RECORDS:

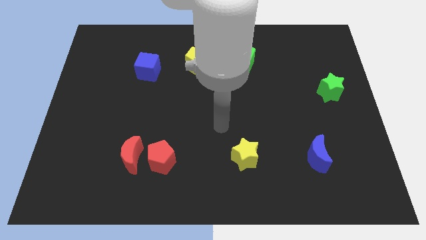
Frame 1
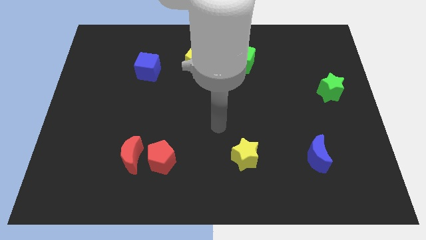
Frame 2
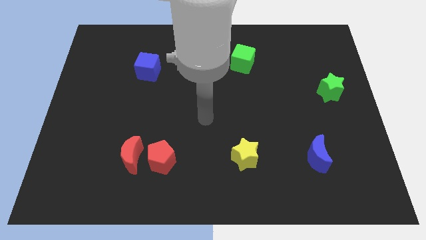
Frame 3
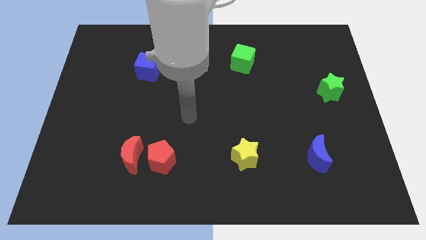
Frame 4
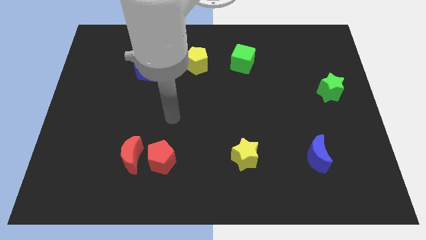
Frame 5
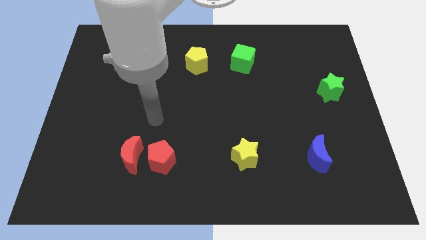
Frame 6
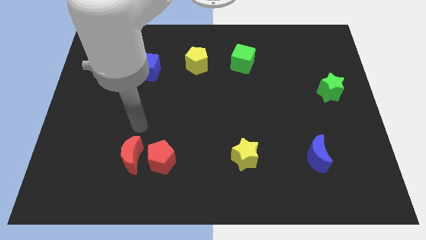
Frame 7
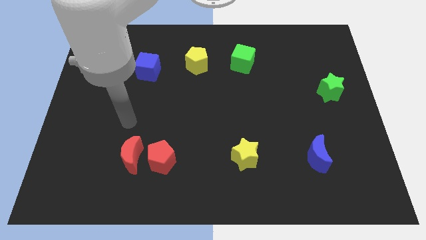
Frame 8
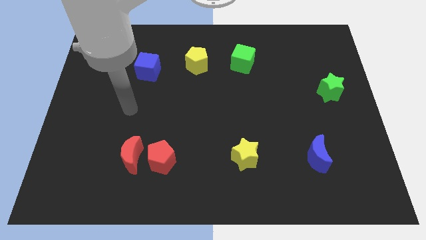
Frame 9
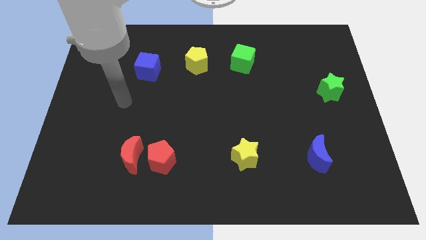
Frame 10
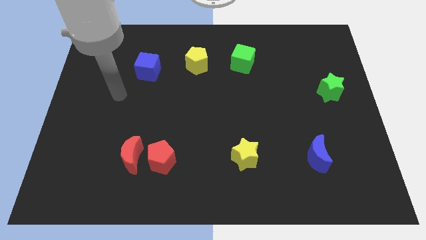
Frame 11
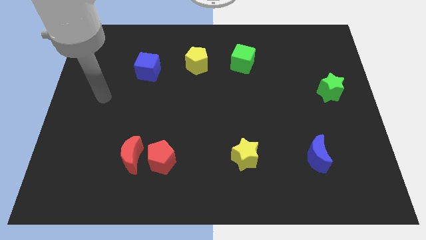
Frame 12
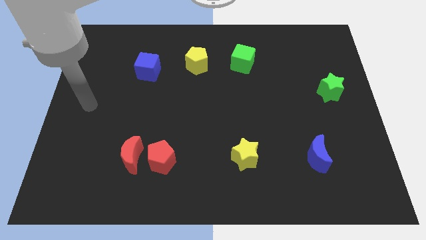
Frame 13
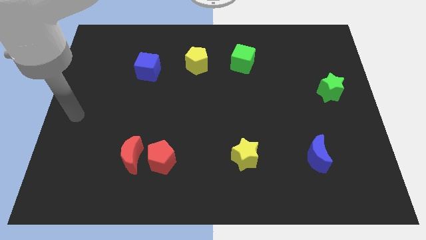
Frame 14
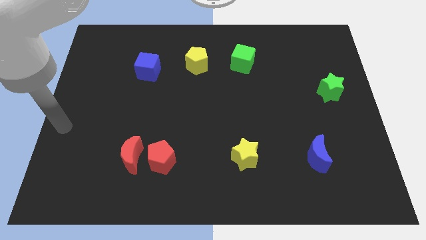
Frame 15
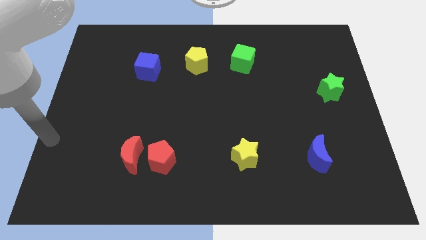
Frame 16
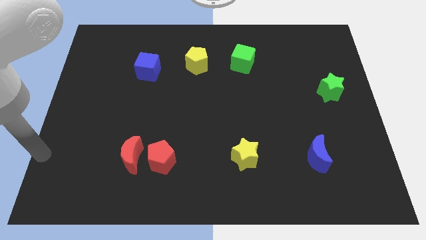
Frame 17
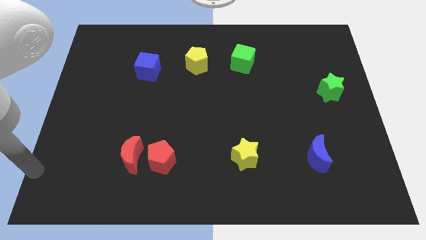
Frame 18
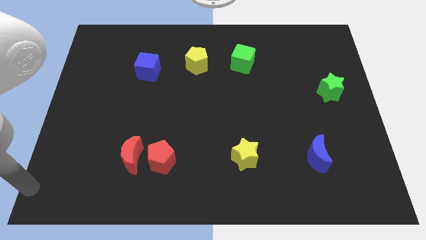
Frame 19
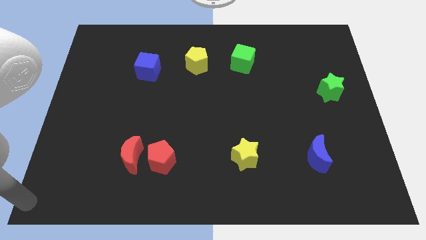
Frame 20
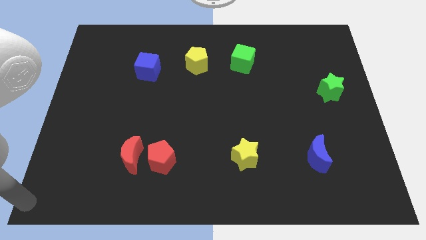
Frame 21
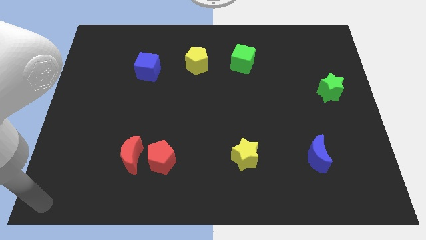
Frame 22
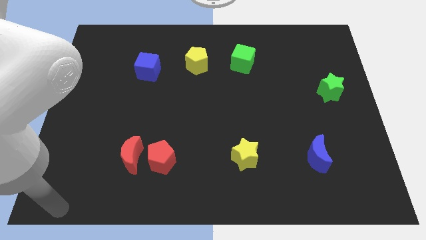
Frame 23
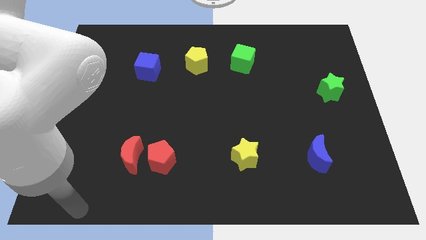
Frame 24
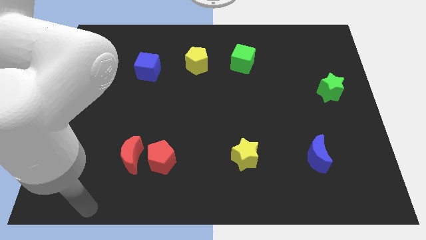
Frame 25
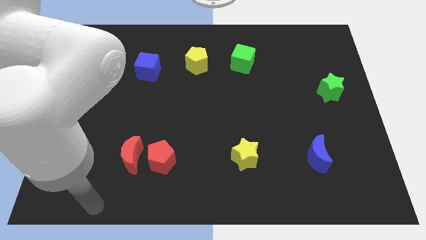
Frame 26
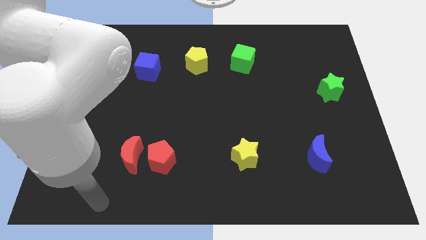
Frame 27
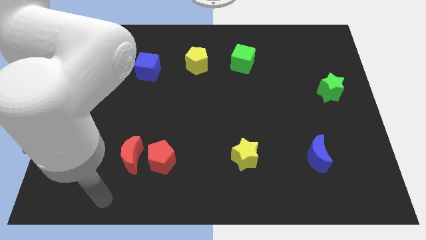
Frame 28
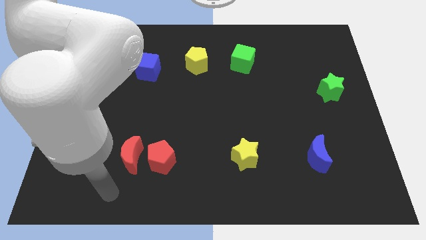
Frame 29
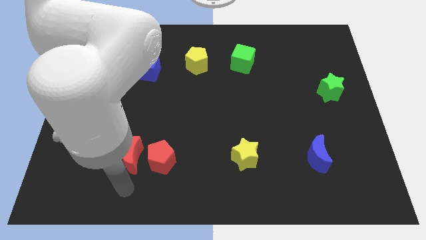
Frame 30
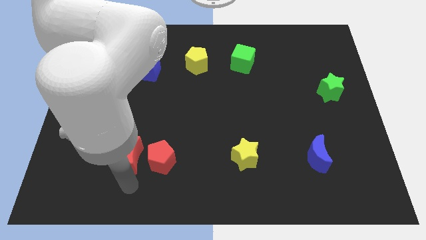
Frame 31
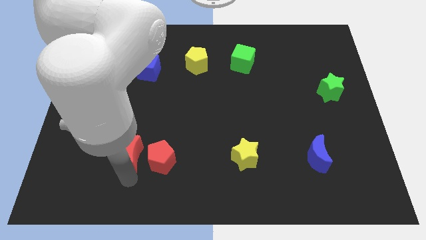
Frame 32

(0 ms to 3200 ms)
touch the red moon

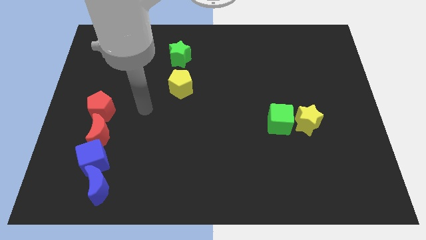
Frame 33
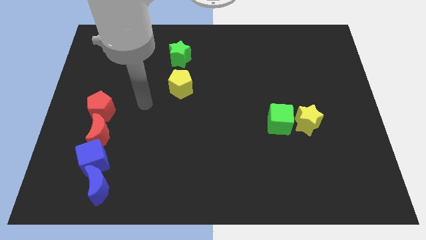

TASK TO COMPLETE: Transcribe every entry above exactly. Omit all pictures.

RESPONSE:
Frame 1
Frame 2
Frame 3
Frame 4
Frame 5
Frame 6
Frame 7
Frame 8
Frame 9
Frame 10
Frame 11
Frame 12
Frame 13
Frame 14
Frame 15
Frame 16
Frame 17
Frame 18
Frame 19
Frame 20
Frame 21
Frame 22
Frame 23
Frame 24
Frame 25
Frame 26
Frame 27
Frame 28
Frame 29
Frame 30
Frame 31
Frame 32

(0 ms to 3200 ms)
touch the red moon

Frame 33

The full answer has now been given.